• _Stored data_
====================

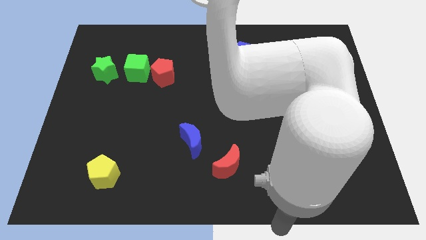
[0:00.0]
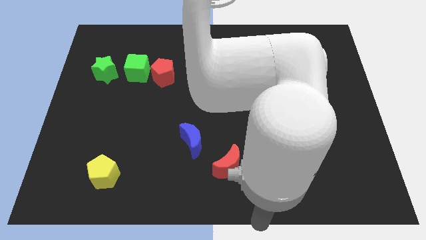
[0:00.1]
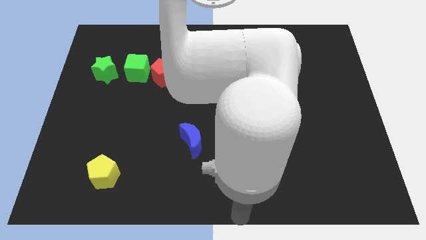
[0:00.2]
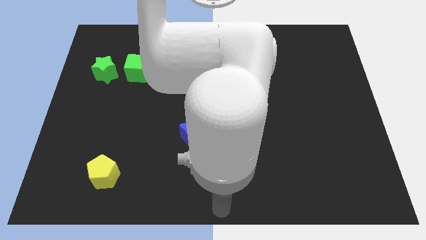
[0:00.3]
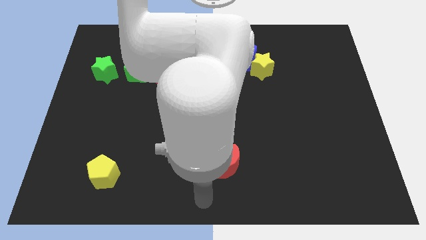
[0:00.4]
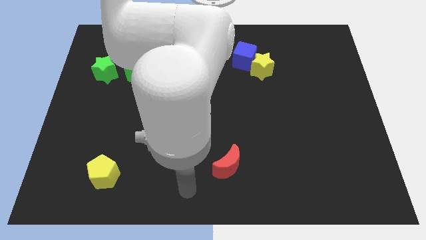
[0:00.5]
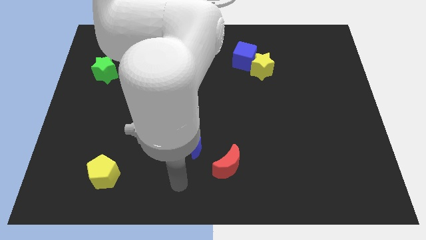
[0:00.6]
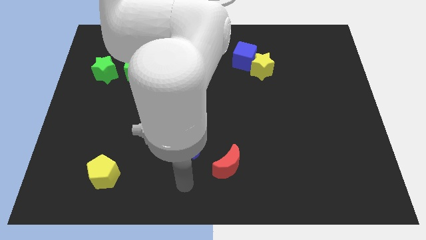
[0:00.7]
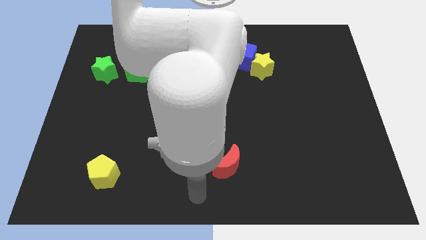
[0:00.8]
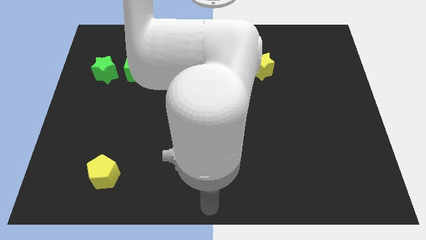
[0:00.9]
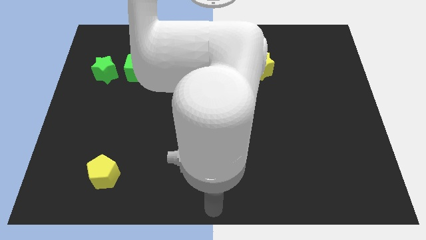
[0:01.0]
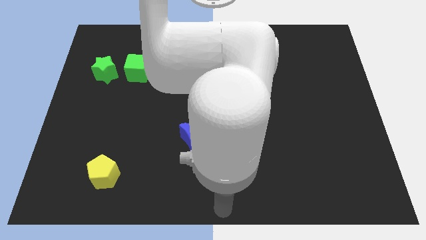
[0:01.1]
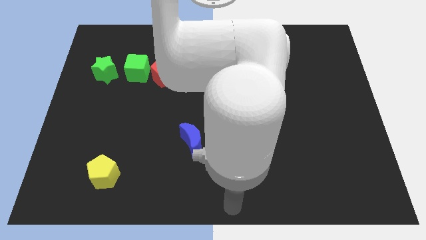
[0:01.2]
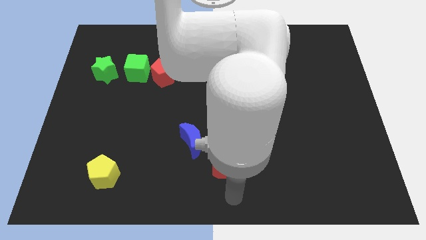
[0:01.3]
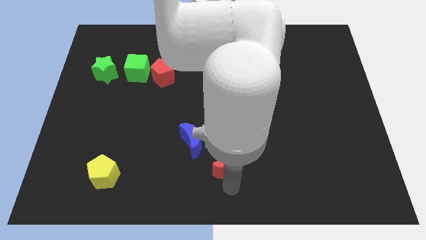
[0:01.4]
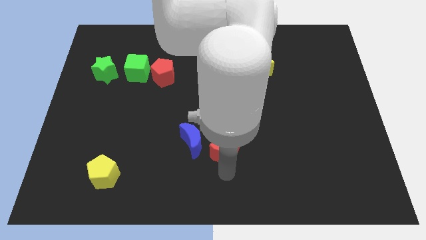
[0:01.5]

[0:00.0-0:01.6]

====================

• _Aim of the task_
Retype all the entries word for word; the pictures stay out.

• _Result of the task_
[0:00.0]
[0:00.1]
[0:00.2]
[0:00.3]
[0:00.4]
[0:00.5]
[0:00.6]
[0:00.7]
[0:00.8]
[0:00.9]
[0:01.0]
[0:01.1]
[0:01.2]
[0:01.3]
[0:01.4]
[0:01.5]

[0:00.0-0:01.6]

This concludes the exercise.